WHAT IS NEEDED →
Could you reproduce all the entries under this sentence exactly, leaving the images aside?

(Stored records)

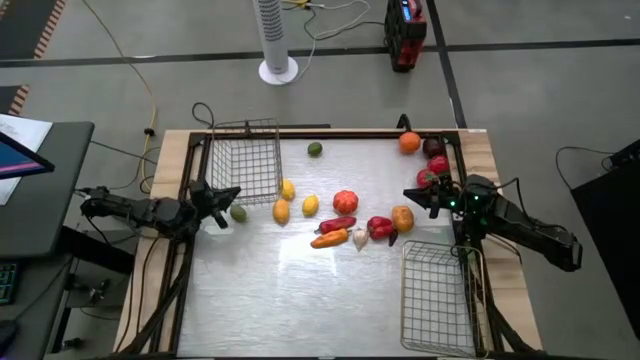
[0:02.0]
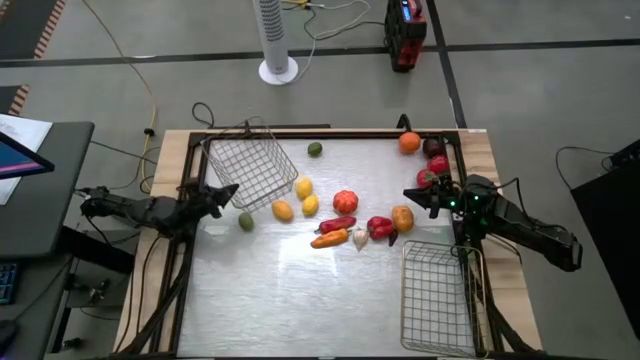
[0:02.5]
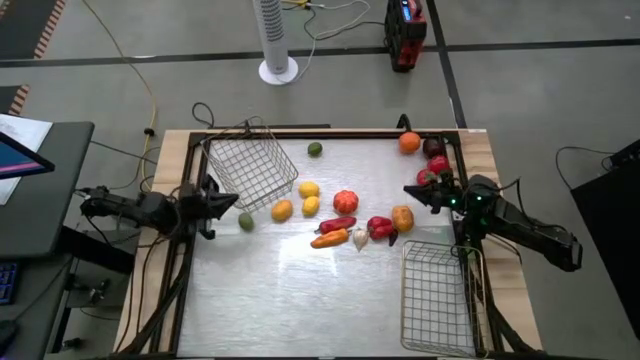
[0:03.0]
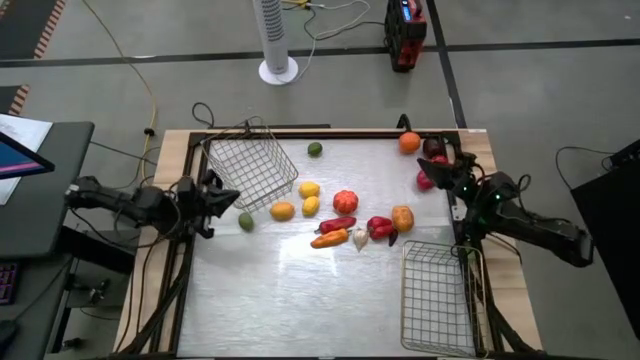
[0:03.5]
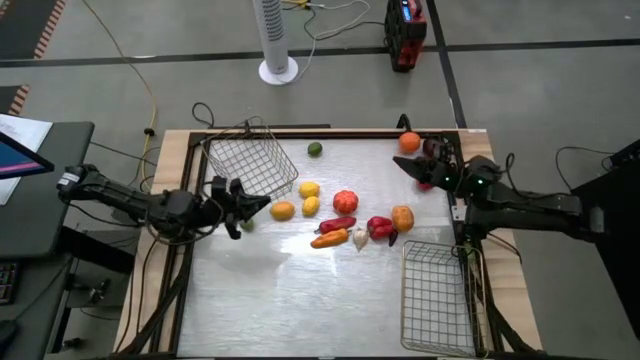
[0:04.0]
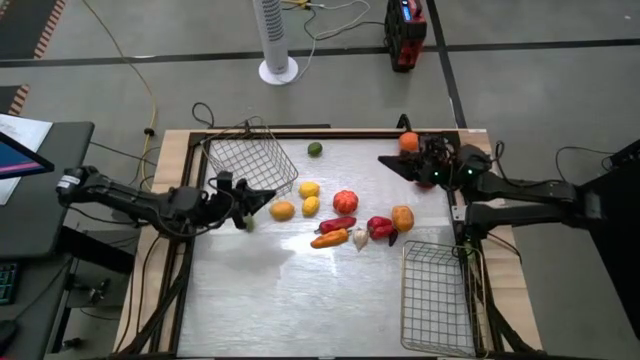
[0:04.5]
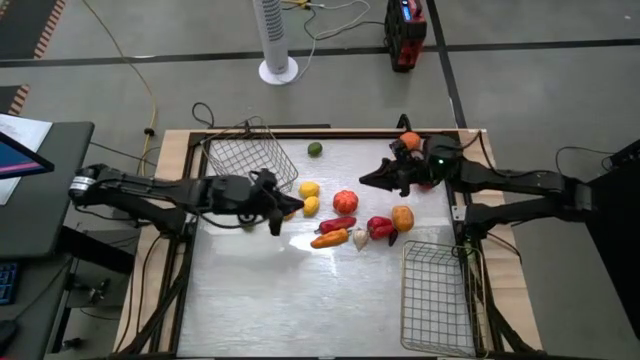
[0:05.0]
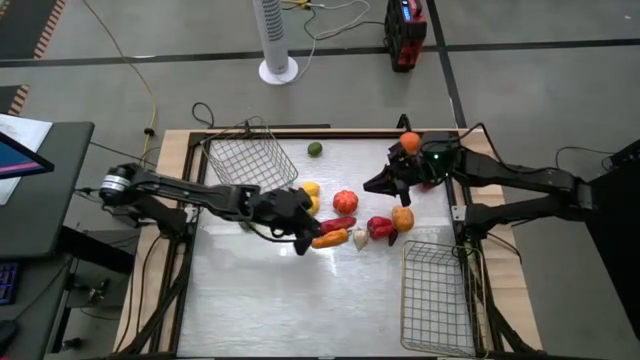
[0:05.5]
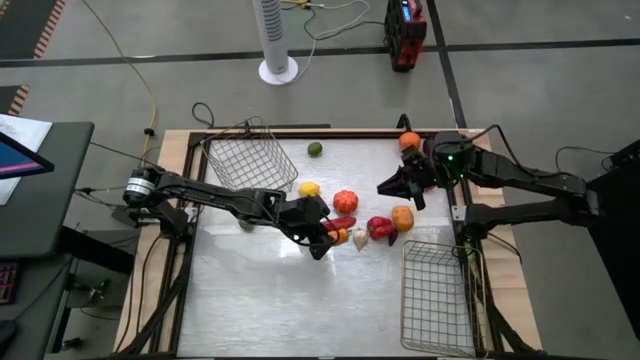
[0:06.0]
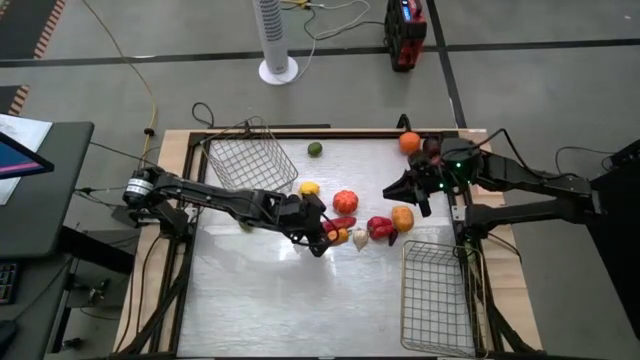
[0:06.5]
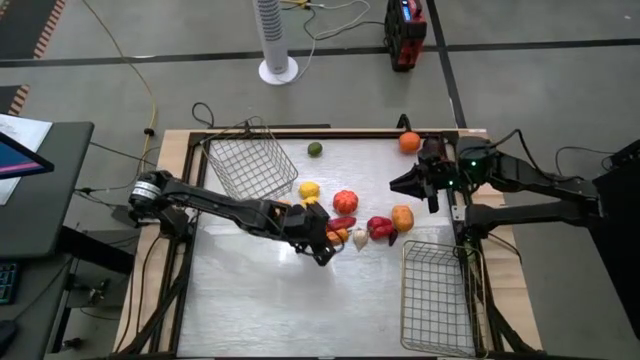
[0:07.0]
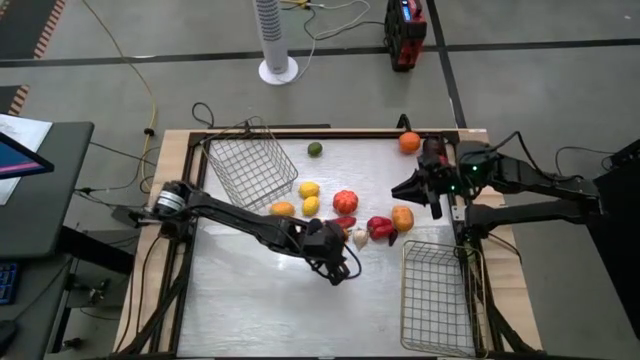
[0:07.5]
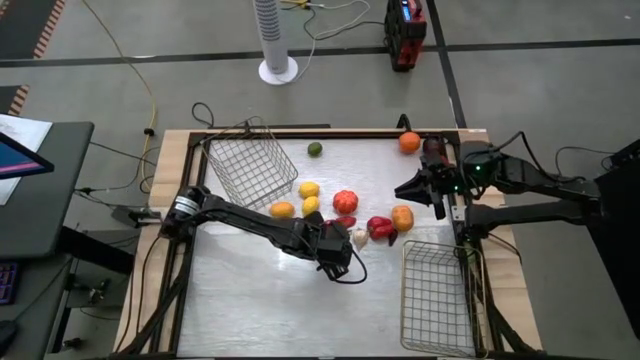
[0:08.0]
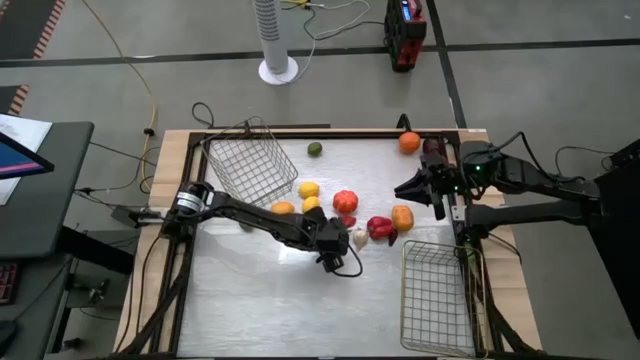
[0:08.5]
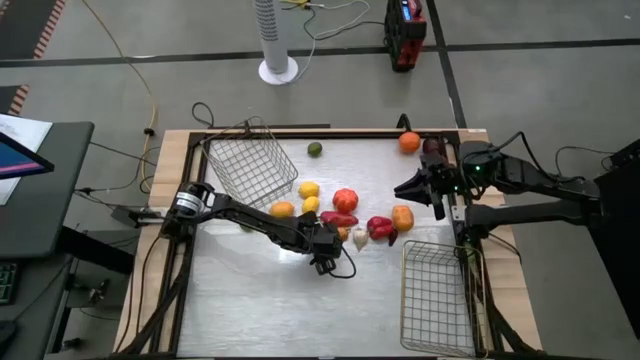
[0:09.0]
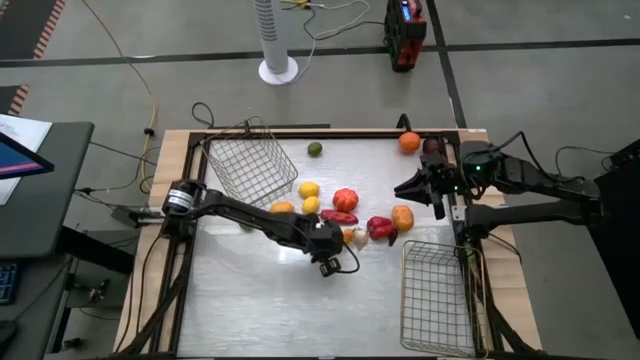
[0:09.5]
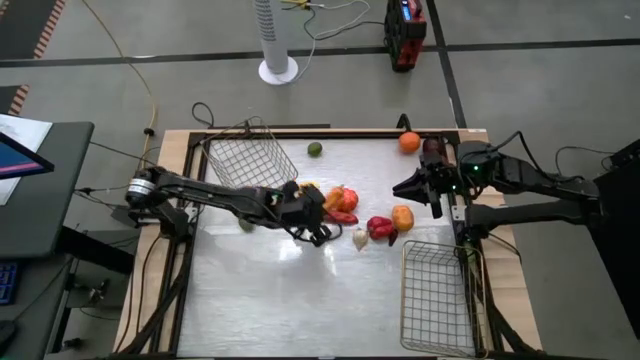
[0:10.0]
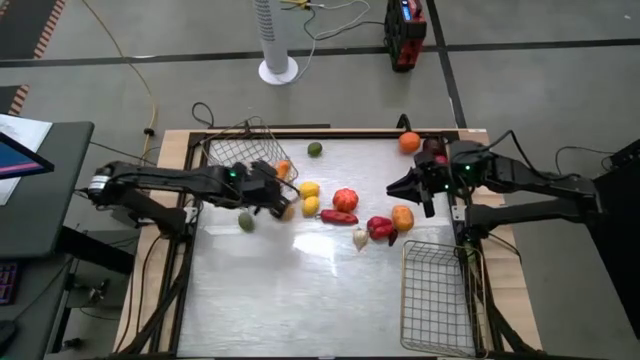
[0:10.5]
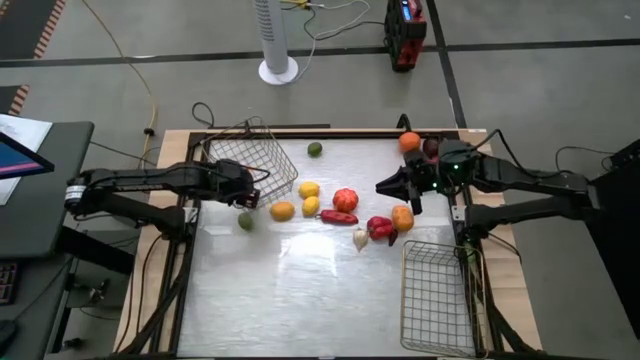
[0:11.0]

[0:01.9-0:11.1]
Task: Sort produce into baskets
Put the orange chili pepper into the top wire basket

OUTPUT OF THE EXERCISE →
[0:02.0]
[0:02.5]
[0:03.0]
[0:03.5]
[0:04.0]
[0:04.5]
[0:05.0]
[0:05.5]
[0:06.0]
[0:06.5]
[0:07.0]
[0:07.5]
[0:08.0]
[0:08.5]
[0:09.0]
[0:09.5]
[0:10.0]
[0:10.5]
[0:11.0]

[0:01.9-0:11.1]
Task: Sort produce into baskets
Put the orange chili pepper into the top wire basket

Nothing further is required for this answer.